Oggi non ho fatto in tempo a leggere mezza pagina, forse un terzo, e ho appuntato a margine ben tre “B” cerchiate: ovvero tre spunti per il “blog”…
Invece di cercare di sintetizzare le parole dell’autore credo sia più pratico tradurre direttamente i passaggi interessanti e poi commentarli.
1. «Un dibattito pubblico sulla Costituzione, caratterizzato dalla partecipazione di massa, non era qualcosa che i Federalisti si auspicassero. La maggior parte di questi era d’accordo con quanto affermato privatamente da Madison: “ci sono argomenti per i quali le capacità del grosso della popolazione non sono distribuite egualmente, e in base a queste essi devono e saranno governati da coloro che invece ne sono ben edotti. La Costituzione proposta rientra fra questi argomenti.”» (*1)
La frase, espressa in un inglese abbastanza indiretto (e non facile da tradurre!), è chiara: certi argomenti sono troppo complessi per il grosso della popolazione che quindi deve essere guidata e diretta da chi invece meglio li conosce e comprende.
Che dire, a volte su questioni molto tecniche o complesse questo può essere anche vero: altre volte però si tratta di una bugia in cui i potenti fingono di credere per giustificare verso se stessi la manipolazione della popolazione. È la logica del fine che giustifica i mezzi; è quello che si dice il politico o il giornalista per giustificare la propria menzogna perché “la verità sarebbe male interpretata dalla popolazione”.
Mi pare una logica oggi più attuale che mai: anzi adesso la maggior parte dei potenti mente in malafede, ovvero non illudendosi di fare comunque il bene della popolazione ma, anzi, sapendo scientemente di operare per il male.
2. «Comunque, dati gli ampi diritti di voto già esistenti nei vari stati, i Federalisti non avevano scelta che appellarsi alla popolazione per la ratifica della Costituzione. Ironicamente, essi furono obbligati a chiedere al comune americano di ratificare una costituzione della quale uno degli scopi principali era proprio quella di imbrigliare l’influenza dell’opinione pubblica sul governo.» (*2)

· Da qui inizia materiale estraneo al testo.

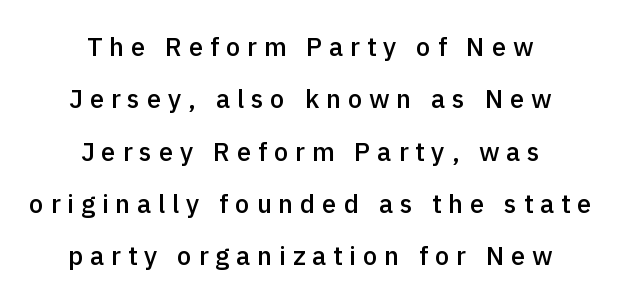
Q: Is the text bold? A: Semi-bold.
Q: Is the text italic (slanted)? A: No, it is upright.
Q: Is the text underlined? A: No.
Q: How is the paragraph aligned? A: Centered.
Q: Is the spacing between letters normal or unusually wide? A: Unusually wide.
Q: Is the spacing between lines tight, normal or loose? A: Loose.

Come ho già spiegato molto spesso le costituzioni delle diverse ex colonie, scritte sull’entusiasmo libertario nato dalla vittoria nella guerra di indipendenza dal Regno Unito erano molto più democratiche: circoscrizioni piccole (relativamente pochi elettori per parlamentare); potere di indirizzo (ovvero possibilità di obbligare il proprio rappresentante a votare in modo specifico su date questioni, possibilità di rimuoverlo dall’incarico, elezioni frequentissime (tipo ogni anno) e altre caratteristiche che al momento, a memoria, mi sfuggono. In almeno uno stato poi anche le donne avevano diritto al voto…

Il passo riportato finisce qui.